24 thoughts on “Why Aristotle and Dante Discover the Secrets of the Universe Won ALL the Book Awards

  1. ezinwanyi13 says:

    I am in the minority but I found this book to be slow. I listened to the audio and I just wanted it to be over 🙁
    I am glad you loved it though and the cover is awesome.

    • YAandWine says:

      Thank you so much!!! I’ve found that A LOT of people really like books and wine. Those are my two favorite things hands down! It’s so fun to find other likeminded people. 🙂

  2. LairOfBooks says:

    Your bookshop is AMAZING for recommending this book to your club! this story still lives within me & alongside More Happy Than Not, I could not have found a more AMAZING author. The writing at first caught me off guard but quickly placed me in the rythm of the words. I can’t wait for the sequel since i’ve heard that we get more of Dante’s perspective. Great review <3!

    • YAandWine says:

      They’re the absolute best. And so is this book! I haven’t read More Happy Than Not yet, but I ADORED History is All You Left Me. I literally squealed when I found out there is a sequel coming out for Aristotle and Dante. Just SO many amazing books in the world anymore.

      • LairOfBooks says:

        If you loved Ari & Dante then you will probably love More Happy Than Not….but HIAYLM does blow it out of the water, still though More Happy Than Not is an AMAZING debut novel for Adam & it hit me in ALLLLL the feels lol, didn’t see it coming which is the best part of that book 😉 I agree, there are so many great books hitting the shelves & I am all for diversity so these books in particular make me happy to be a bookworm <3

  3. Donna says:

    I love it when the writing reflects the characters, so the choppy narrative makes sense to me but I can understand why others wouldn’t like it 🙂 Great review! I haven’t read this book but I see it everywhere!

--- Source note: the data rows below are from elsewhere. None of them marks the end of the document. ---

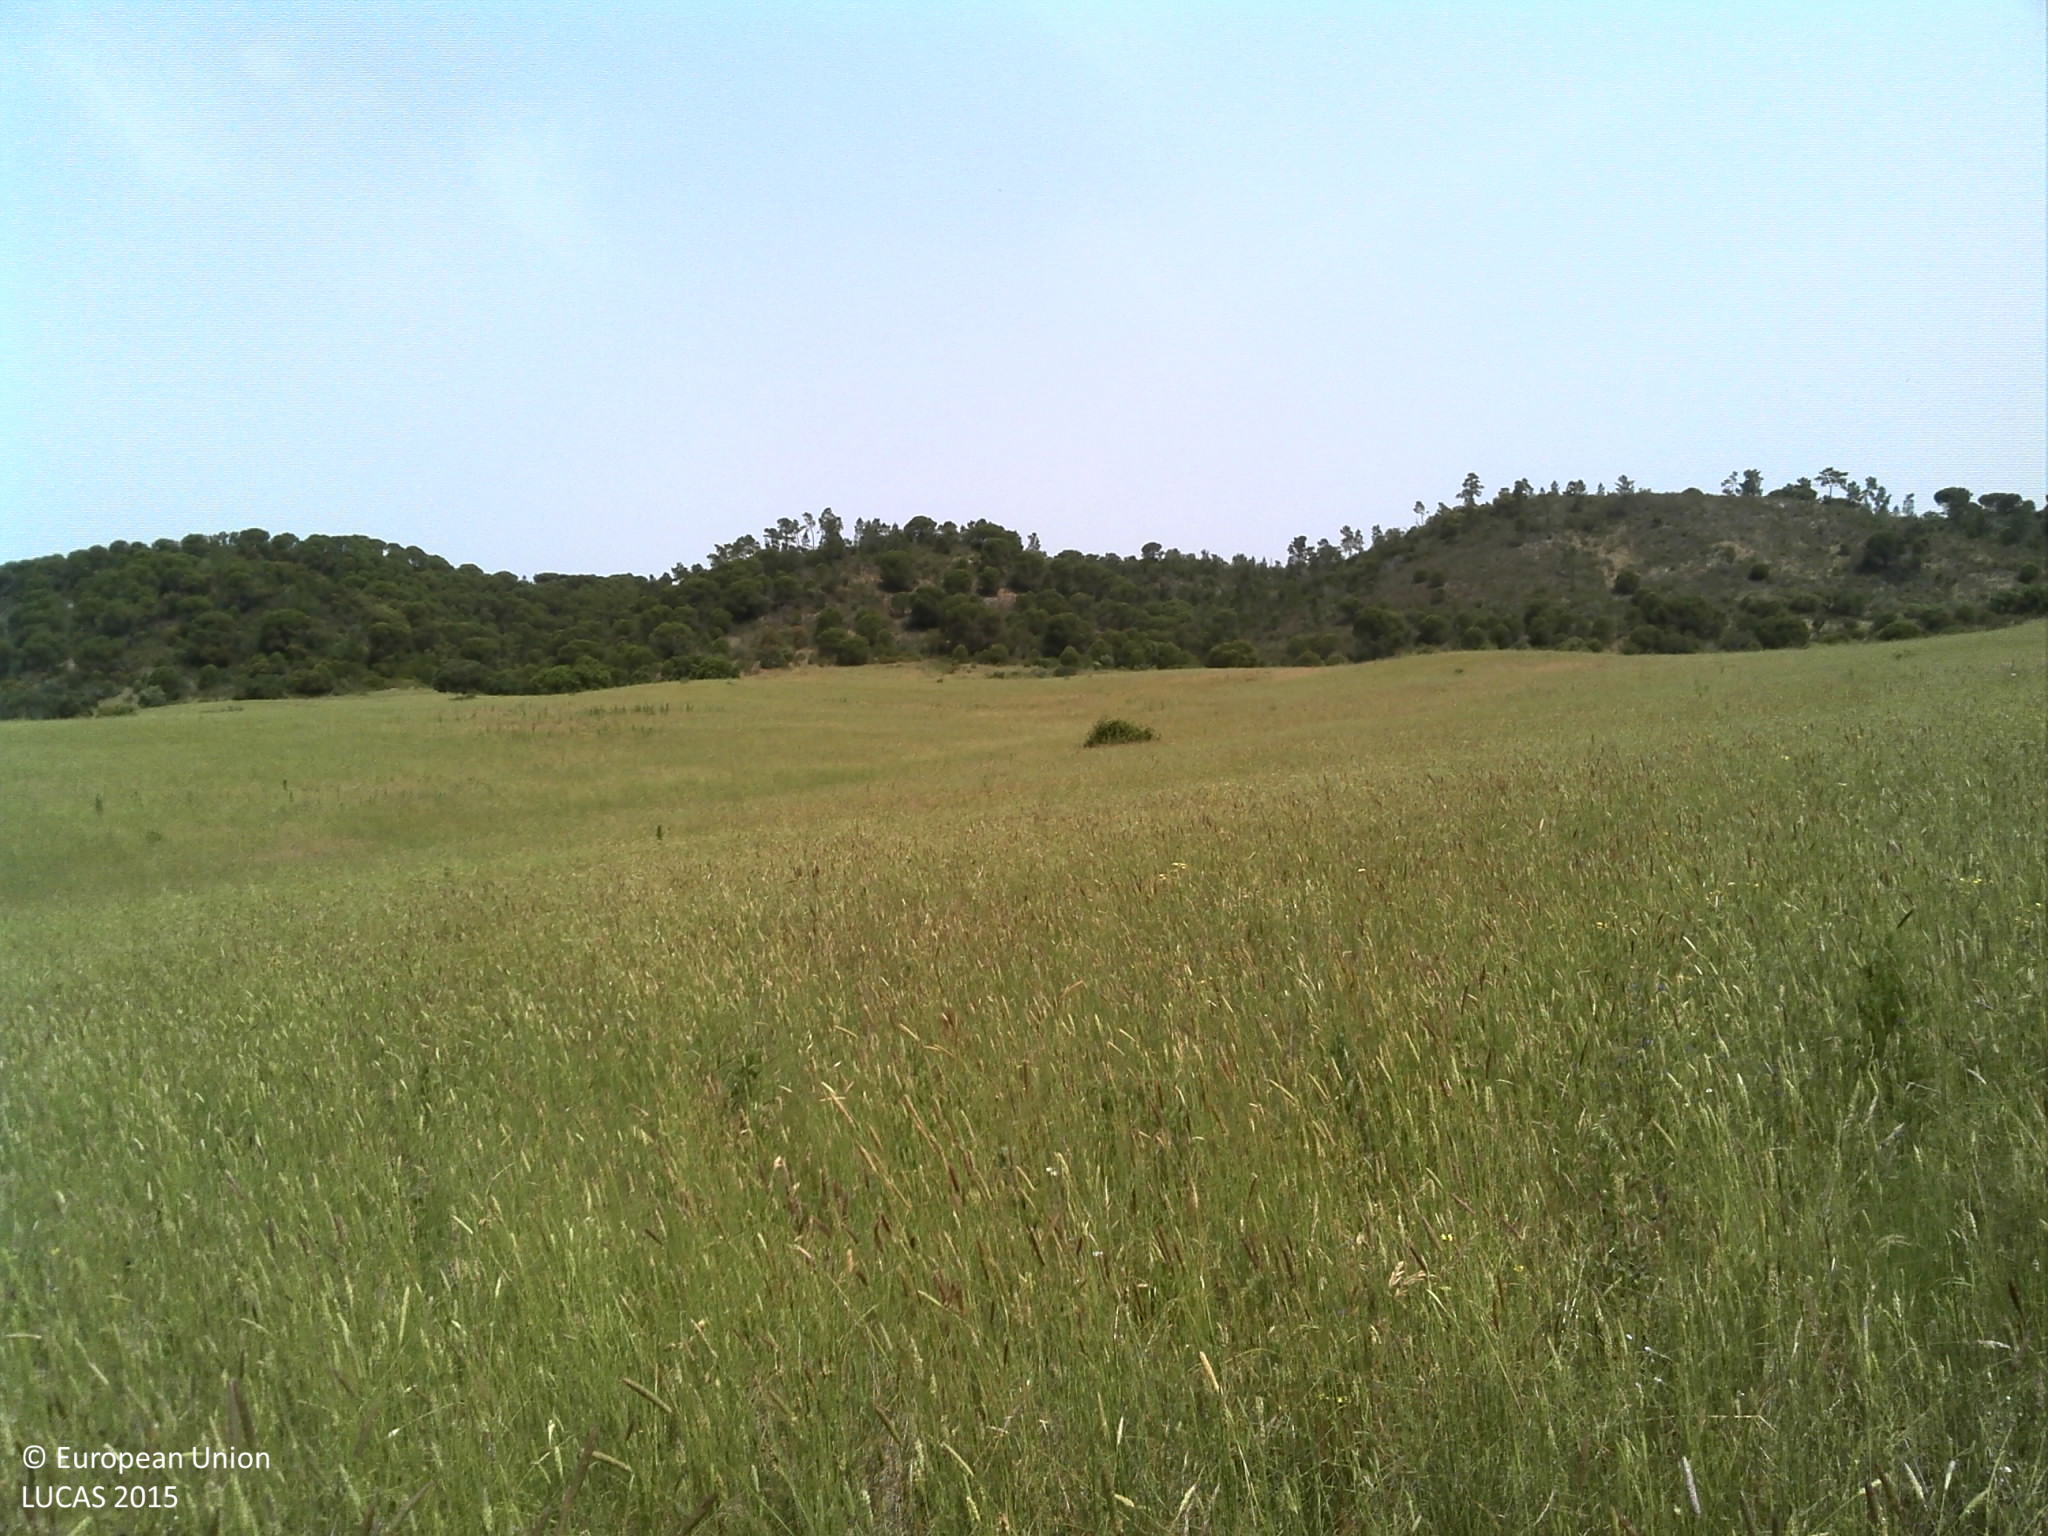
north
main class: Grassland
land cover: Spontaneously vegetated surfaces
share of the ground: > 75 %
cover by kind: herbaceous plants 75 %, unconsolidated bare surface 25 %
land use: Agriculture (excluding fallow land and kitchen gardens)
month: May
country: PT
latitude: 38.4642
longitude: -8.4453
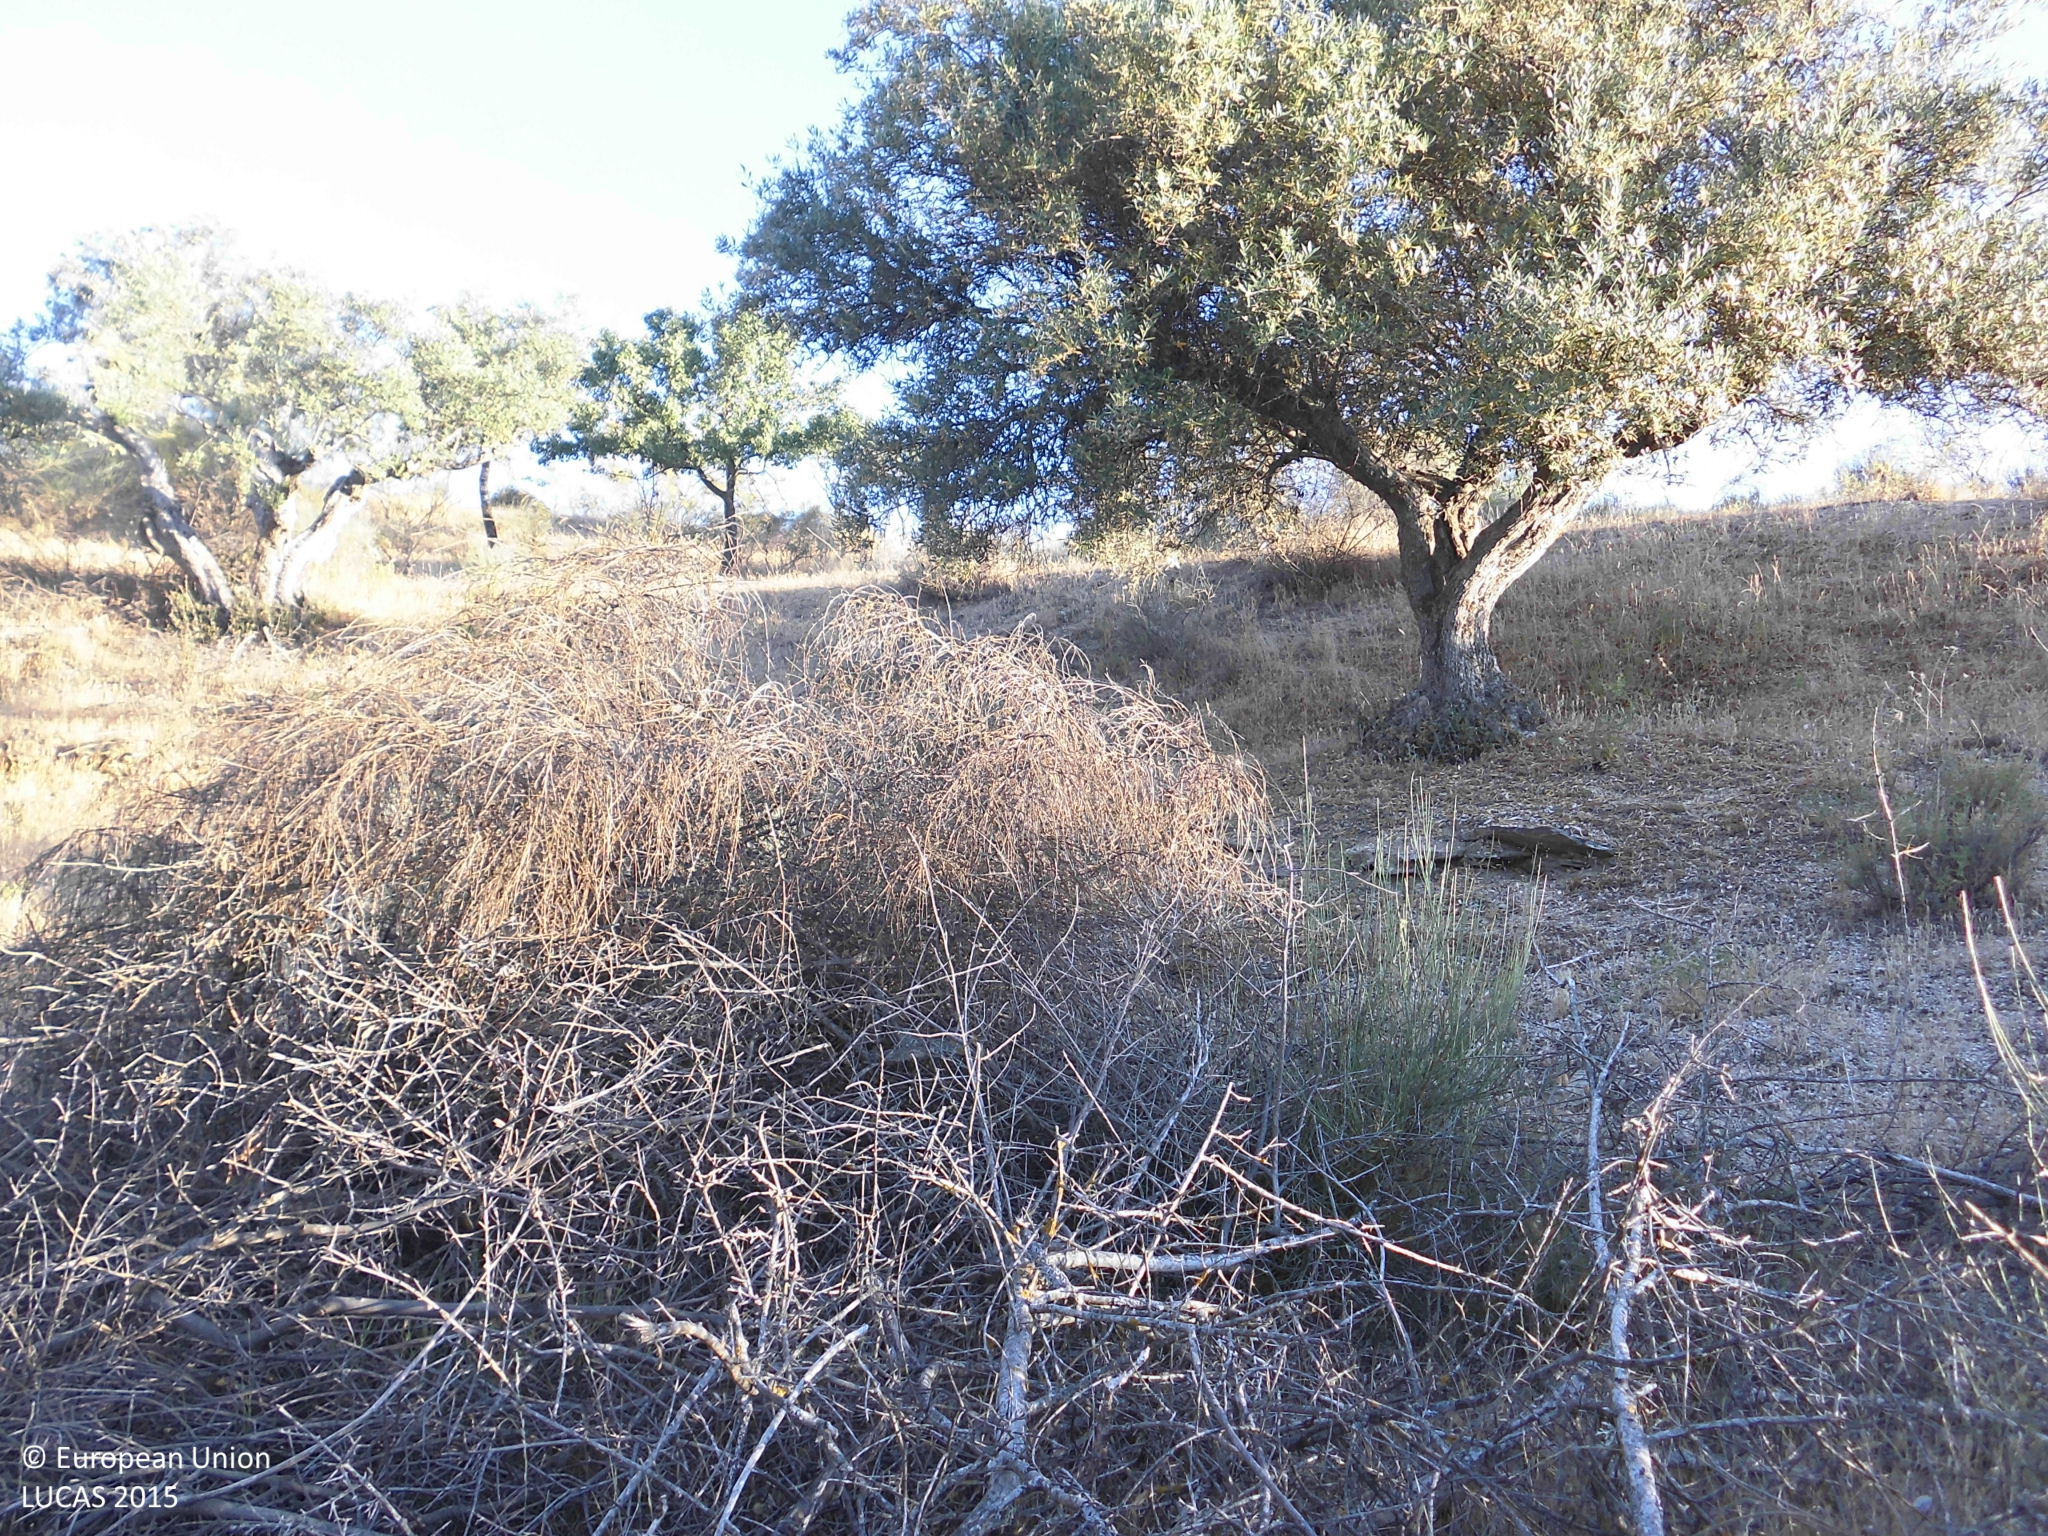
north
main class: Cropland
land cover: Olive groves
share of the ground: 10 - 25 %
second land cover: Spontaneously vegetated surfaces
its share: 50 - 75 %
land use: Agriculture (excluding fallow land and kitchen gardens)
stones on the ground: 10 - 25 %
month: May
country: ES
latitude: 39.7875
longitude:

      • Emma's Library says:

        I haven’t read any Adam Silvera but I’ve seen a lot of anticipated hype for the soon to be released History is All You Left Me. YA Contemporary is just not really something I go for anymore and I’m past wanting to read about the same old clichéd teenage/young adult romances. I just tend to pick up Adult contemporary fiction nowadays.

      • YAandWine says:

        Adult contemporary is fun/important to read too, but I do feel like cliches exist in every form and genre of storytelling. There are some incredible YA authors that are coming out with stories that totally break any kind of mold. Like Saenz, Silvera, Jandy Nelson, and Jennifer Niven. What adult contemporaries are you into?

      • Emma's Library says:

        I know there are clichés everywhere but for some reason they just stick out to me more in YA contemporary. I’ve not really read many Adult contemporaries (I’m more a fantasy/historical fiction/crime/classics reader) but a recent one that sticks in my mind is the Improbability of Love by Hannah Rothschild. It might have a romantic subplot but I really liked it.

      • YAandWine says:

        I’m obviously biased, but I think it depends on which ones you read. I just checked out The Improbability of Love on GoodReads, and it sounds awesome! Thanks for the recommendation. 🙂

      • Emma's Library says:

        I mean there are some popular YA Contemporaries that I like but like you said, it depends on what you read. I also just want to read more adult/general fiction anyway because it is what I used to read before discovering YA.


  4. emilymbird says:

    I haven’t read this book yet, but I keep coming back to the beautiful cover. And actually in your review where you discuss the writing style and how some readers found it “choppy” made me want to read it more. Sounds like the kind of writing style I would really like! Adding it to my list!

    • YAandWine says:

      It is a great cover! I thought the writing style was perfect for the book. It fit the character’s communication style so well. I hope you like it as much as I did!